O desembargador federal Carlos Moreira Alves, do TRF 1 (Tribunal Regional Federal da 1ª Região), derrubou na quarta-feira (12) a limitar que suspendia o corte de R$ 5,7 bilhões promovido pelo governo Bolsonaro na Educação. Na decisão, Moreira Alves argumentou que o retorno das verbas à Educação pode “impor, a um só tempo, grave lesão à ordem e à economia públicas”.

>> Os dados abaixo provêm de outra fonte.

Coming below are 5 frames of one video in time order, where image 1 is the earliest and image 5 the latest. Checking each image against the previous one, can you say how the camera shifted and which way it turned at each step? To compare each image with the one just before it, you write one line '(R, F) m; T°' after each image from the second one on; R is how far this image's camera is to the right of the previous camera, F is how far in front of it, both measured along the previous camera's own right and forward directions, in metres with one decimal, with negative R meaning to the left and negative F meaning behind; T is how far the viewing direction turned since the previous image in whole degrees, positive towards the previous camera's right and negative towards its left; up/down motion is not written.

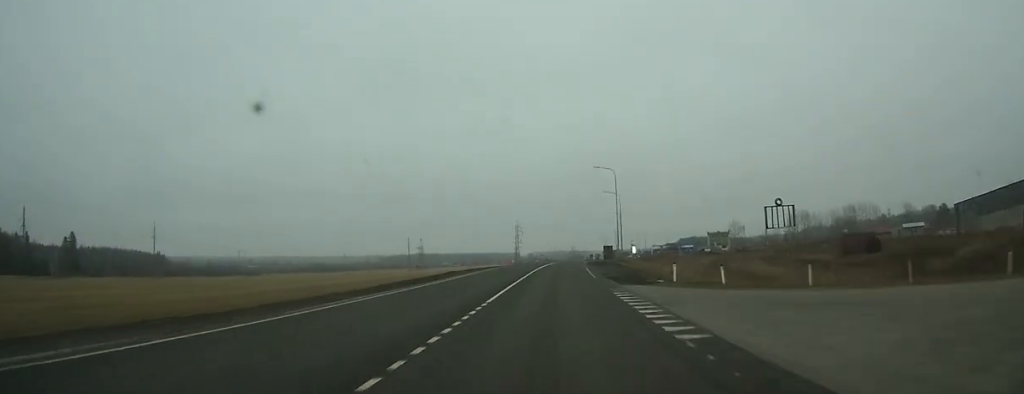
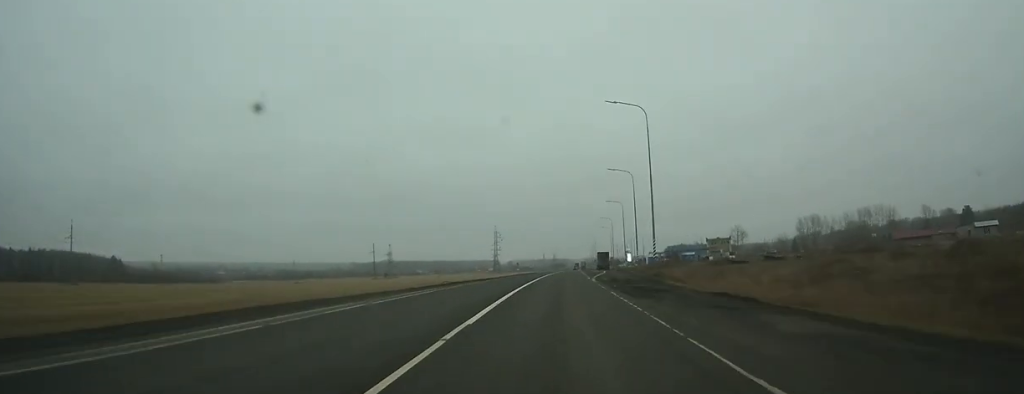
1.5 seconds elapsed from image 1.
(+0.3, +37.2) m; +1°
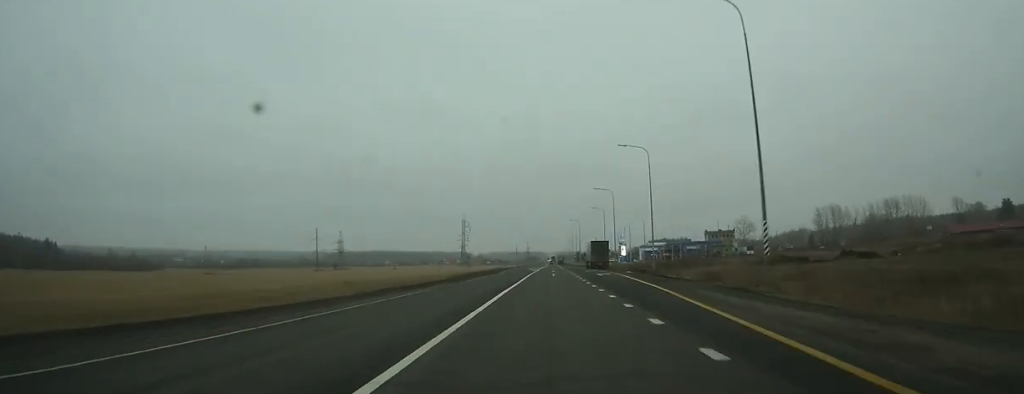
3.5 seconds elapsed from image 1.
(+0.7, +48.1) m; +2°
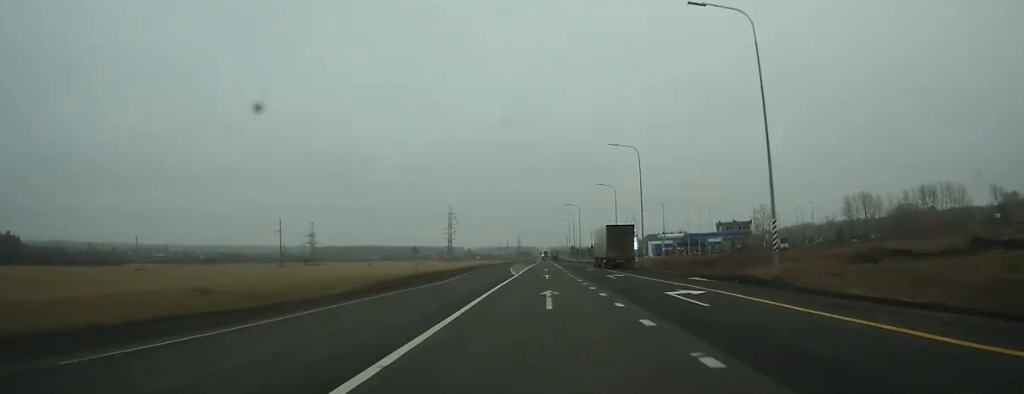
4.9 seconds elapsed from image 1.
(+0.4, +32.2) m; +1°
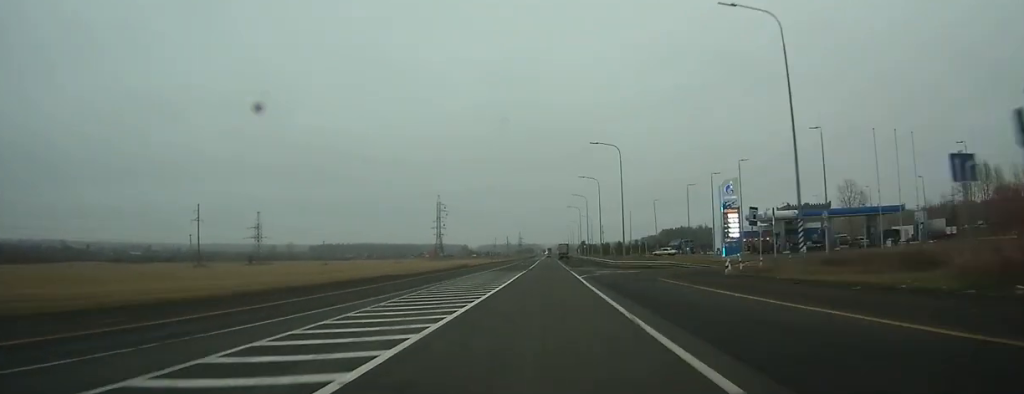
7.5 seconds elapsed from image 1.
(+0.3, +65.4) m; 0°
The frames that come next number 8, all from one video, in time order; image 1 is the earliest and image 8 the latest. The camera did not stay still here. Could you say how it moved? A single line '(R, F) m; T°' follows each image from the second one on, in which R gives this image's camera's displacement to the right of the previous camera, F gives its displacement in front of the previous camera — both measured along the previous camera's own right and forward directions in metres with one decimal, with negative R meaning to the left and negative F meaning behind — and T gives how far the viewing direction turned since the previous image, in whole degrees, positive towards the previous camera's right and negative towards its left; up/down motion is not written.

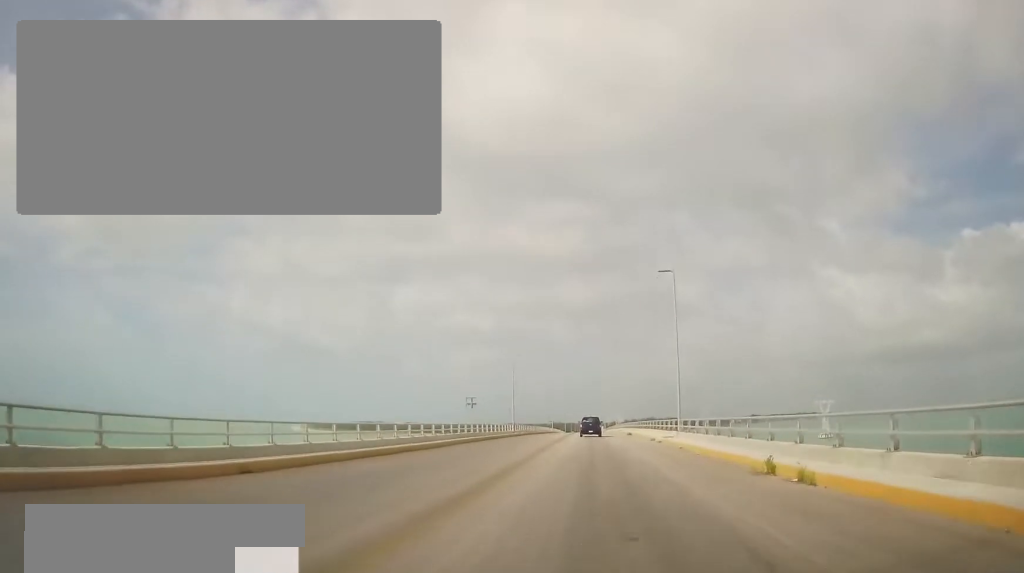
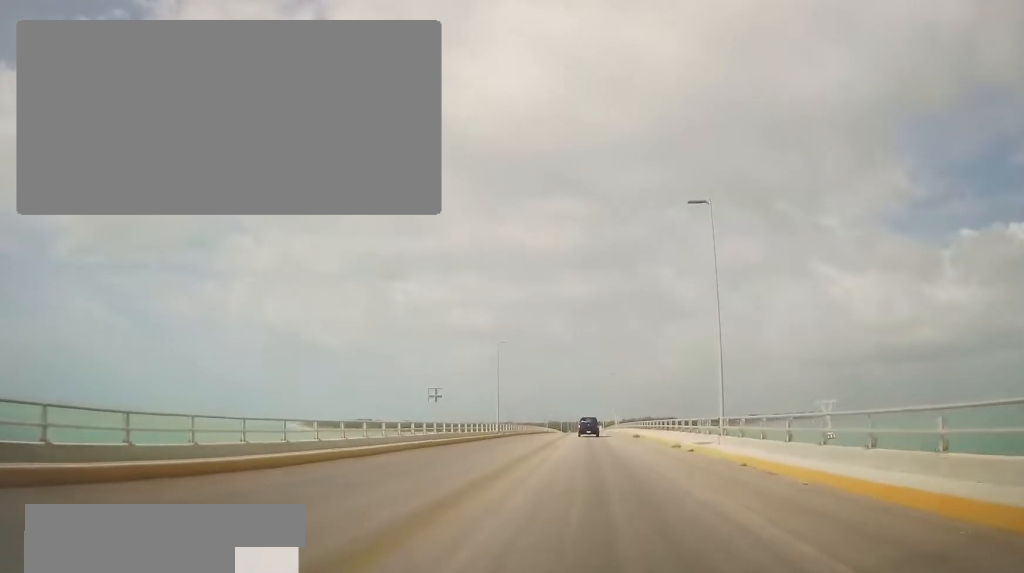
(-0.1, +11.4) m; 0°
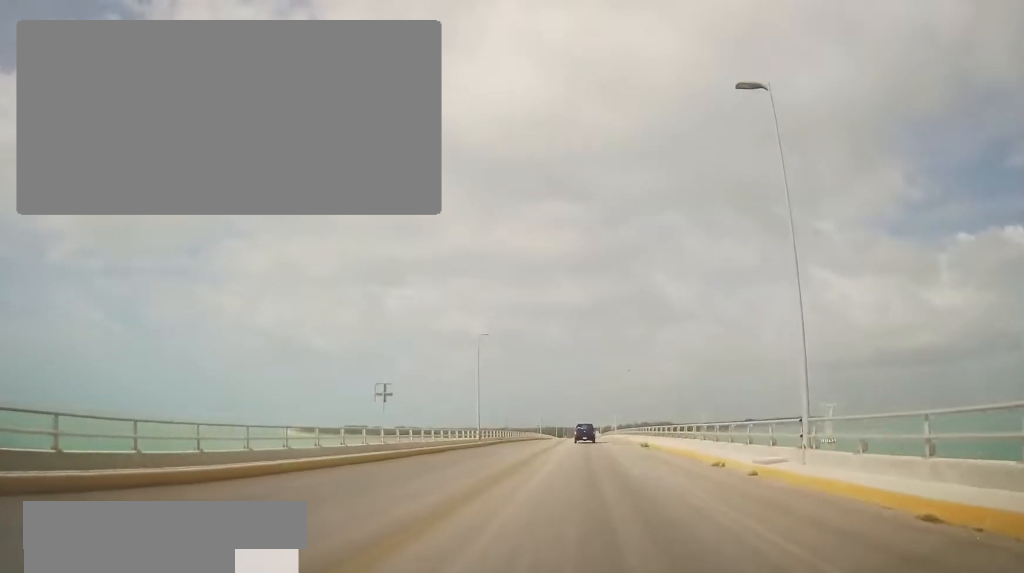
(0.0, +9.4) m; 0°
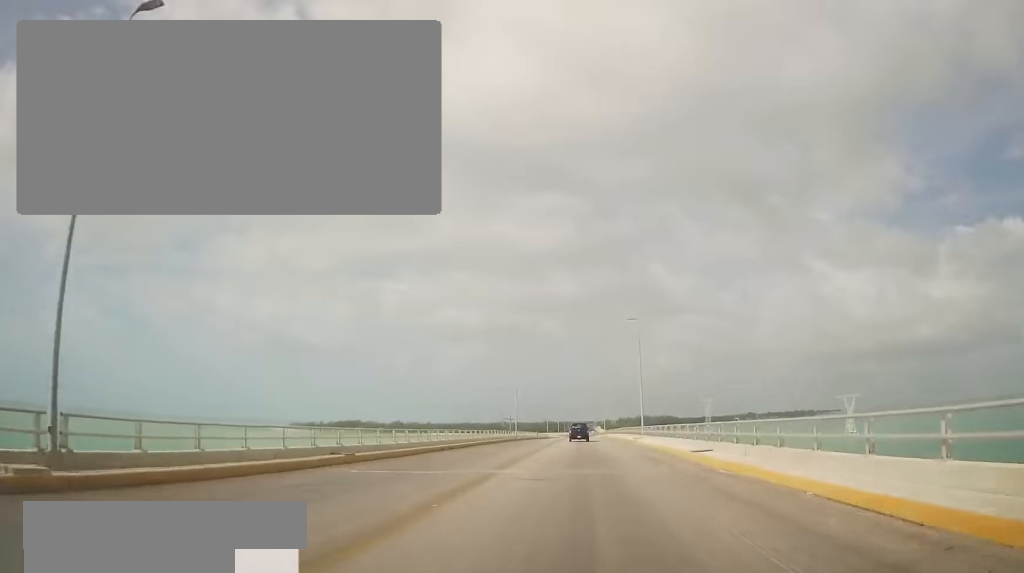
(-0.9, +45.4) m; -2°
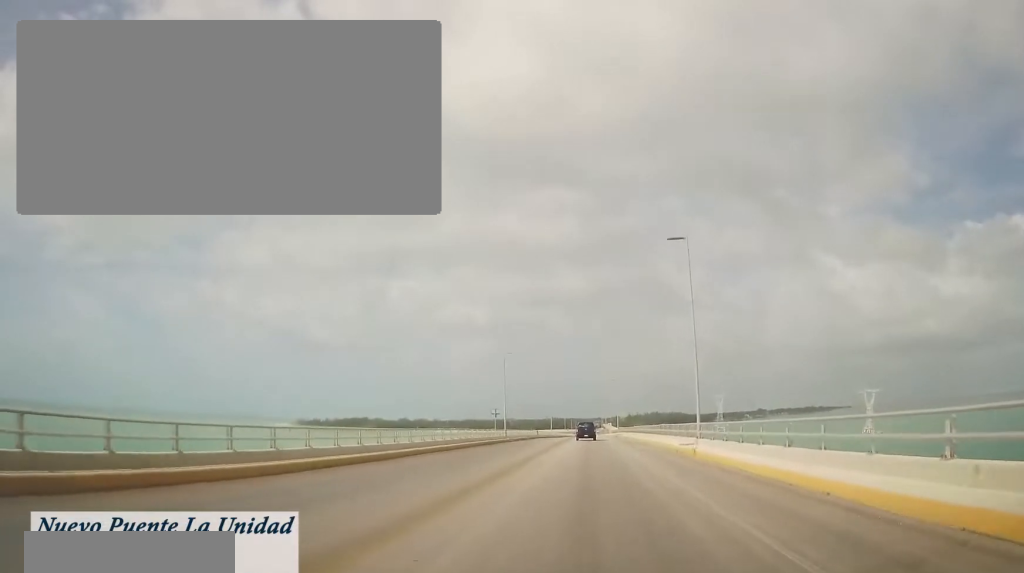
(-0.1, +20.9) m; 0°
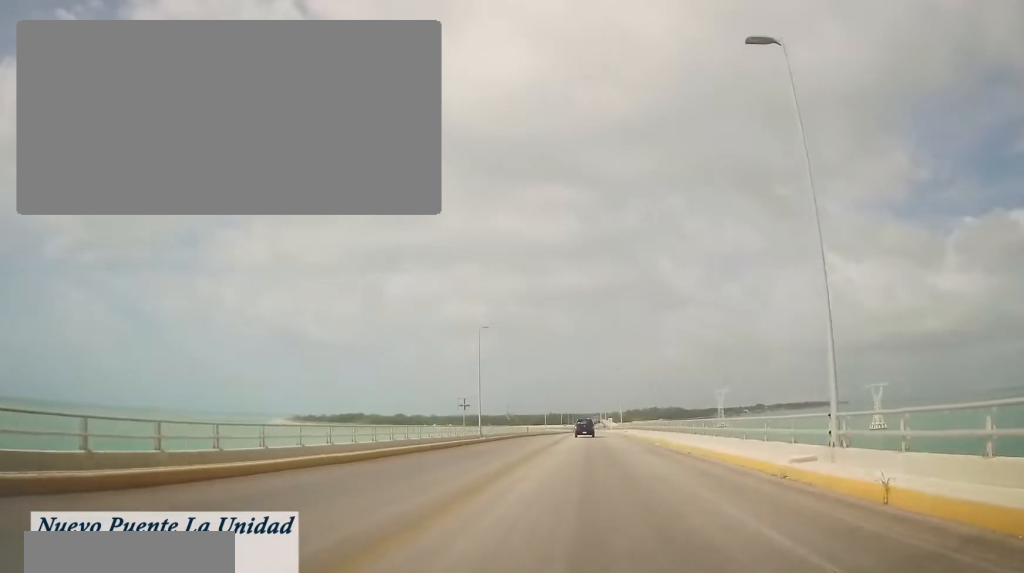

A suspensão dos cortes foi determinada na semana passada pela juíza Renata Almeida de Moura, da 7ª Vara Federal, em Salvador, que atendeu a uma ação do Diretório Central dos Estudantes da Universidade de Brasília (UnB). O mérito da ação ainda não foi julgado.

De acordo com o Ministério da Educação, a liminar, se continuasse em vigor, levaria a um desembolso imediato de R$ 1 bilhão, o que, na justificativa do desembargador, “inevitavelmente” interferiria nas contas da pasta.

O bloqueio das verbas, que prejudica sobretudo o funcionamento de universidades e institutos federais, deu origem aos primeiros protestos de massa contra Bolsonaro, levando milhões de estudantes, professores e trabalhadores às ruas de todo o país nos dias 15 e 30 de maio.

A pauta da Educação também está presente na chamada da Greve Geral prevista para esta sexta-feira (14).